Injector
[ɪn'dʒektə] or [ɪn'dʒɛktɚ]
Definition
(noun.) a contrivance for injecting (e.g., water into the boiler of a steam engine or particles into an accelerator etc.).
Typist: Montague--From WordNet
Definition
(n.) One who, or that which, injects.
(n.) A contrivance for forcing feed water into a steam boiler by the direct action of the steam upon the water. The water is driven into the boiler by the impulse of a jet of the steam which becomes condensed as soon as it strikes the stream of cold water it impels; -- also called Giffard's injector, from the inventor.
Editor: Samantha
Examples
- Among other important improvements in the steam engine are those for replenishing the water in the boiler, and the Giffard Injector is the simplest and most ingenious of all boiler feeds. Edward W. Byrn. The Progress of Invention in the Nineteenth Century.

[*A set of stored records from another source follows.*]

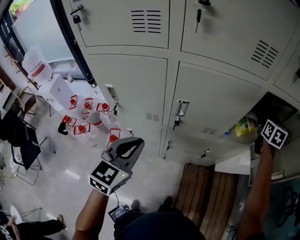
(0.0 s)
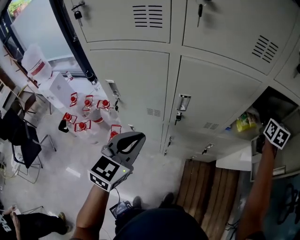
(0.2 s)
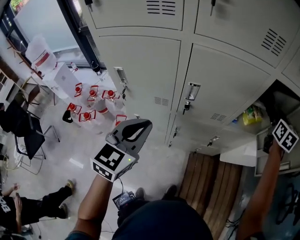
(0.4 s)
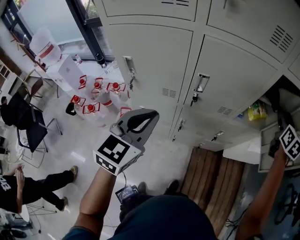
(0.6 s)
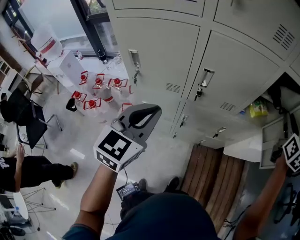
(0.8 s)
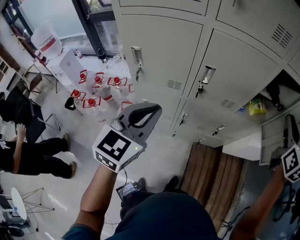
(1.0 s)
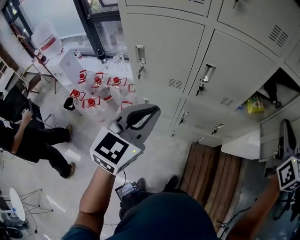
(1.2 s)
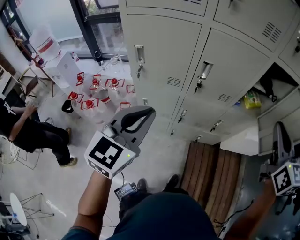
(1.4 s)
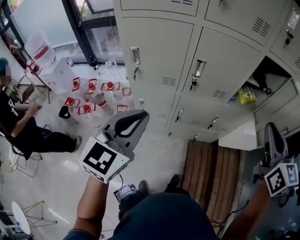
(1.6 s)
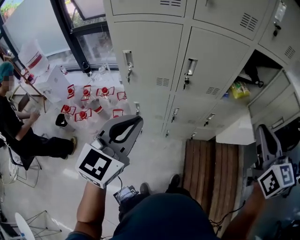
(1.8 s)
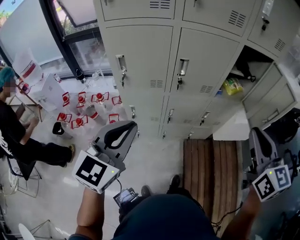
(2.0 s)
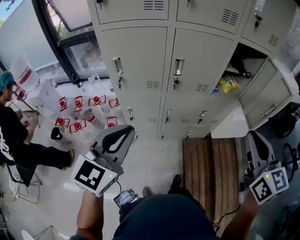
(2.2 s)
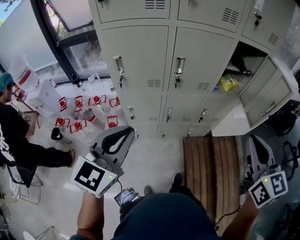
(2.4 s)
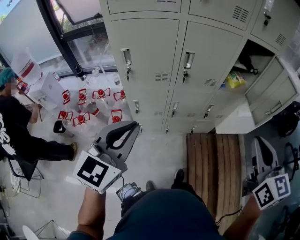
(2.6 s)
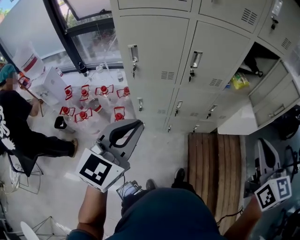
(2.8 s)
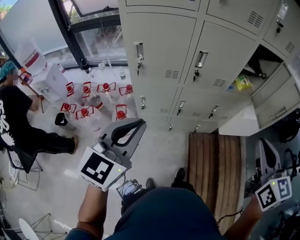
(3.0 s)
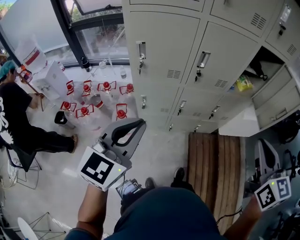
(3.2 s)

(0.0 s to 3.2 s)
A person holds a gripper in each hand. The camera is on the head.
0.0 s - 1.6 s: The right gripper heads backward, covering some 40 cm, swivels approximately 20 degrees, and closes. The left gripper shifts about 15 cm backward.
1.6 s - 3.2 s: The right gripper heads backward and to the left, covering roughly 15 cm. The left gripper moves backward and to the left, roughly 10 cm.

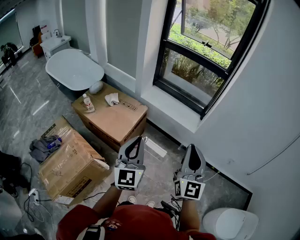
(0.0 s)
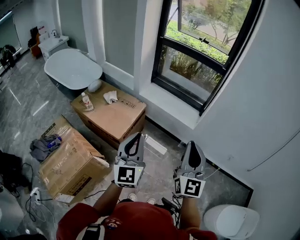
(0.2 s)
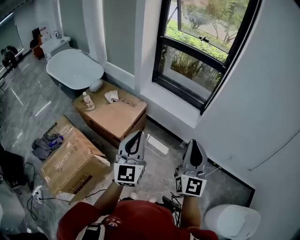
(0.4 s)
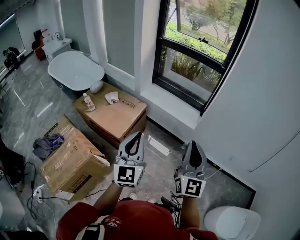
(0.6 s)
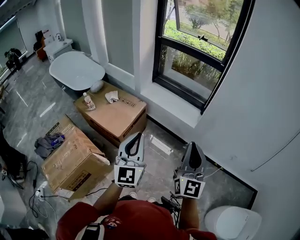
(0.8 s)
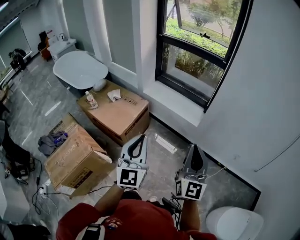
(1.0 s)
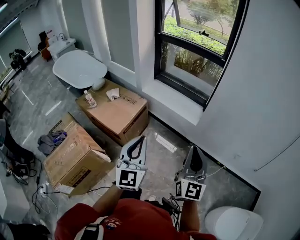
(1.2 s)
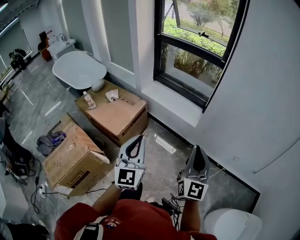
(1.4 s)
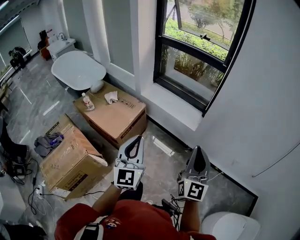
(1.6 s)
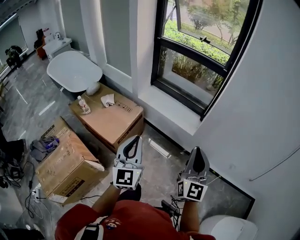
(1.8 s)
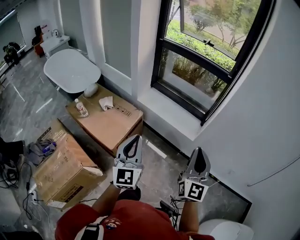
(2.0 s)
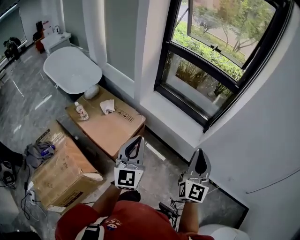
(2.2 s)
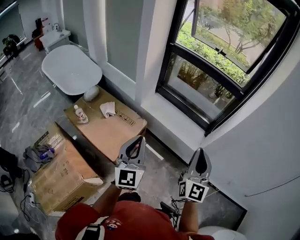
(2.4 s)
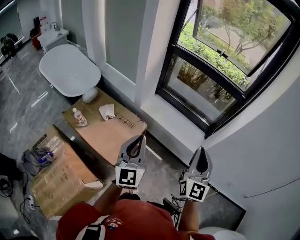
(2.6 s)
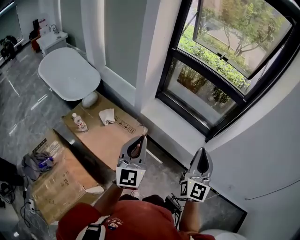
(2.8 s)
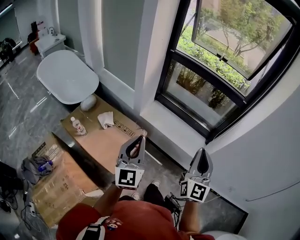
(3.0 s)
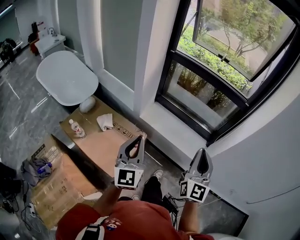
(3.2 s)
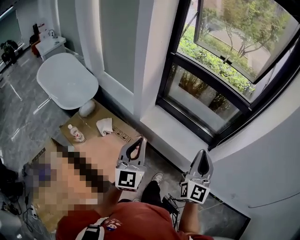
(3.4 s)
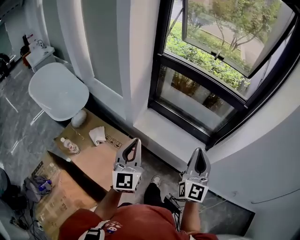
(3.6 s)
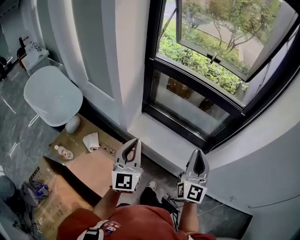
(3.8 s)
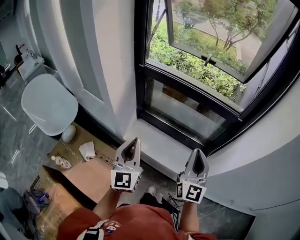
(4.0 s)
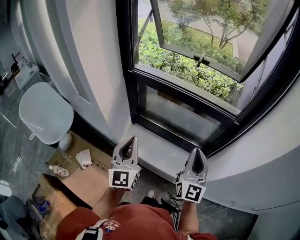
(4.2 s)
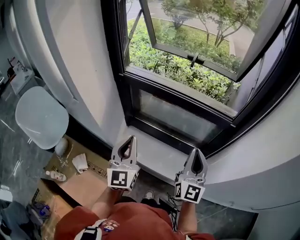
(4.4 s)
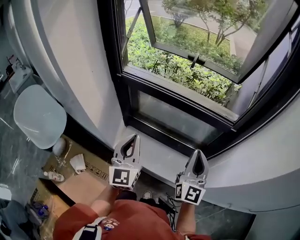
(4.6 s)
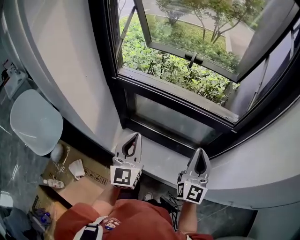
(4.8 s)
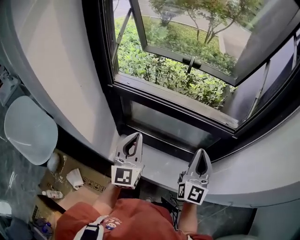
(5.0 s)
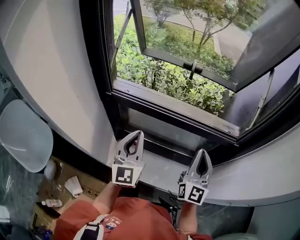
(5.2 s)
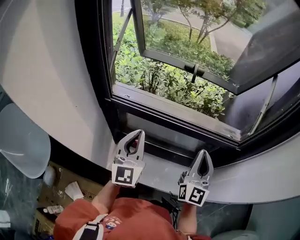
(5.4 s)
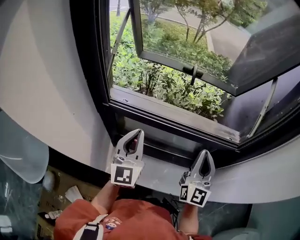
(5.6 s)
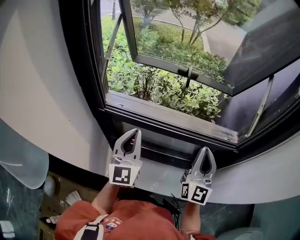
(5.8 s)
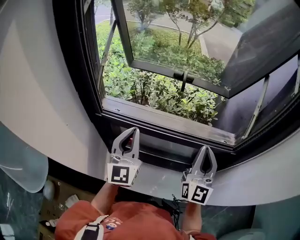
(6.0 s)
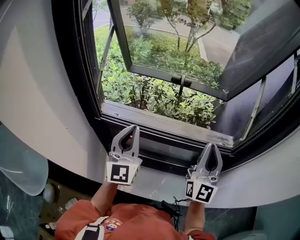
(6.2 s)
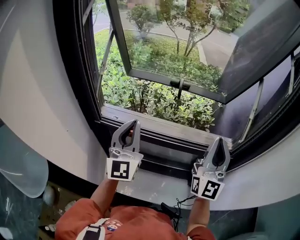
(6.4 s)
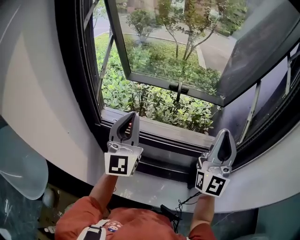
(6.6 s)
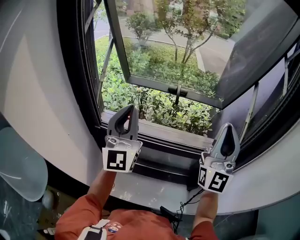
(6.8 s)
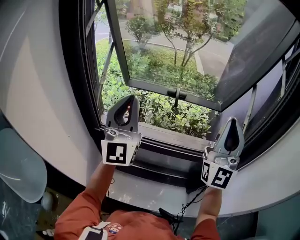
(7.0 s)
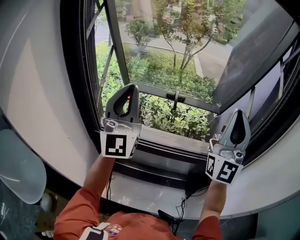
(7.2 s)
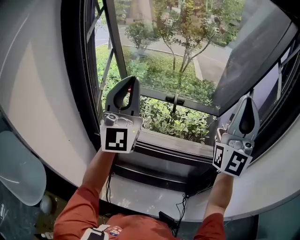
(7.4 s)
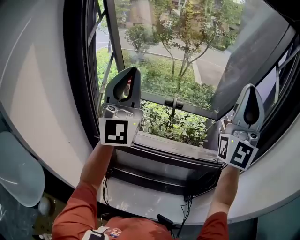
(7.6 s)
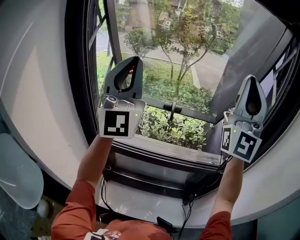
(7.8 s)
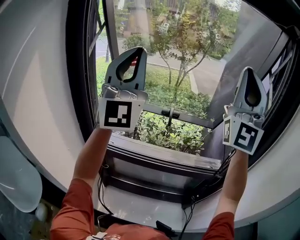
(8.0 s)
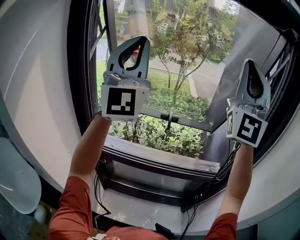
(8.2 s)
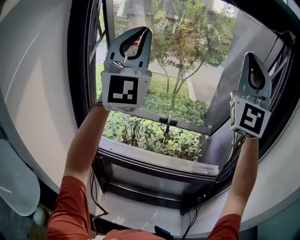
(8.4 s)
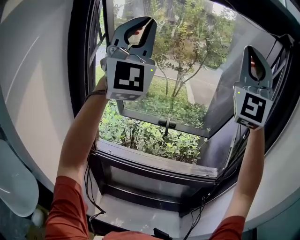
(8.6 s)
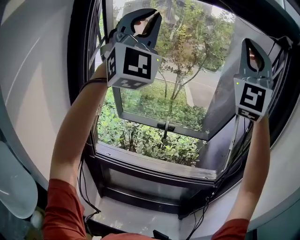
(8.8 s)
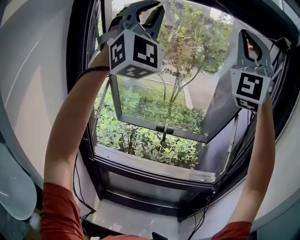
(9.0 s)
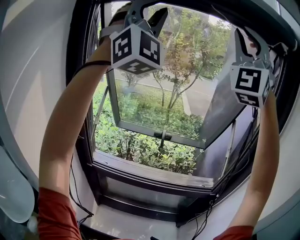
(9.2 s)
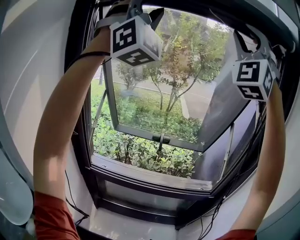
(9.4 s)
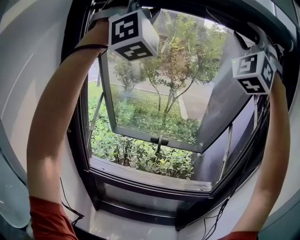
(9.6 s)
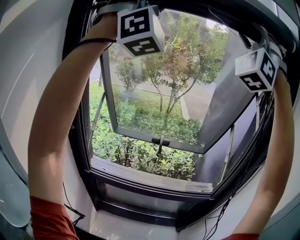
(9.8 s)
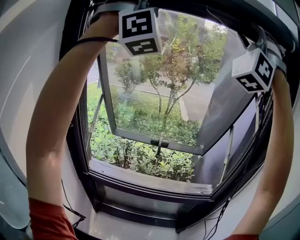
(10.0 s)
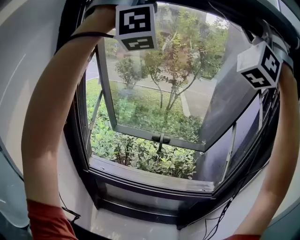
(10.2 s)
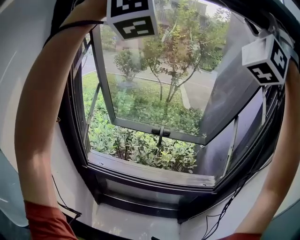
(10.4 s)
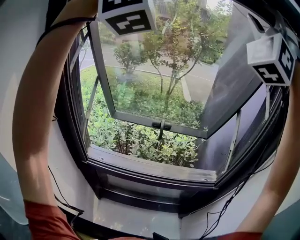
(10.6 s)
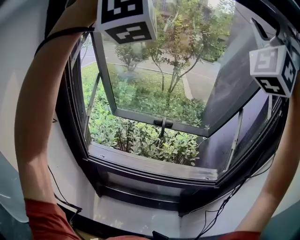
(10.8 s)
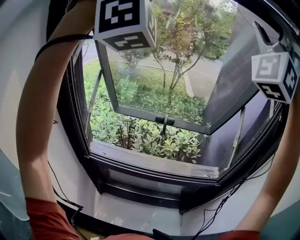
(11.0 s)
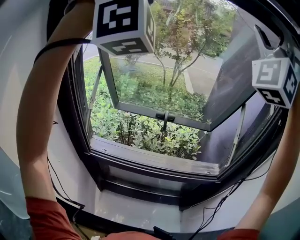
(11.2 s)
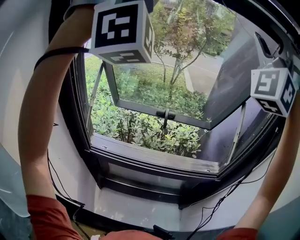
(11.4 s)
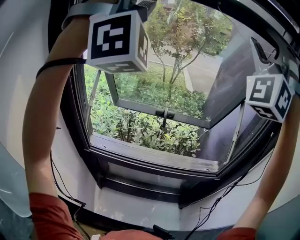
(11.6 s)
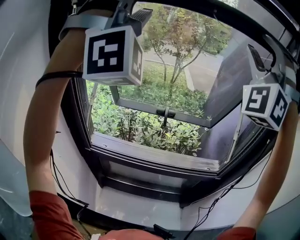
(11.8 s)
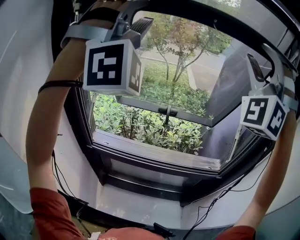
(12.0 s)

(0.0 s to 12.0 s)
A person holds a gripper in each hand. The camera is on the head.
0.0 s - 1.6 s: The grippers both shift to the right by approximately 10 cm.
1.6 s - 3.0 s: Both grippers move forward and to the left, approximately 30 cm.
3.0 s - 4.4 s: The left gripper is displaced forward by about 35 cm, while the right gripper is displaced forward and to the right by some 35 cm.
4.4 s - 6.0 s: The right gripper shifts about 20 cm forward and upward. Meanwhile the left gripper goes about 25 cm forward.
6.0 s - 7.6 s: The two grippers go roughly 30 cm upward. The right gripper tilts its fingers some 30 degrees upward, while the left gripper angles its fingers upward, by approximately 30 degrees.
7.6 s - 9.0 s: Both grippers travel together upward, some 25 cm. The right gripper rotates roughly 40 degrees. The left gripper rolls clockwise, seen from behind, by some 40 degrees.
9.0 s - 10.4 s: Both grippers travel together upward, about 5 cm. The right gripper changes its angle by approximately 40 degrees, and opens its fingers. The left gripper turns by some 40 degrees, and opens up.
10.4 s - 12.0 s: Both grippers travel together downward, roughly 15 cm.

- The Giffard Injector takes a jet of steam from the boiler, and causes it to lift the water in an external pipe, and blow it directly into the boiler against its own pressure. Edward W. Byrn. The Progress of Invention in the Nineteenth Century.
- Prior to the Giffard Injector, steam boilers were supplied with water usually by steam pumps, which forced the water into the boiler against the pressure of the steam. Edward W. Byrn. The Progress of Invention in the Nineteenth Century.
- Fig. 83 shows the application of the injector to locomotives, which are now almost universally supplied with this device. Edward W. Byrn. The Progress of Invention in the Nineteenth Century.
- That modern form of pump known as the _injector_, has many uses in the arts and manufactures. William Henry Doolittle. Inventions in the Century.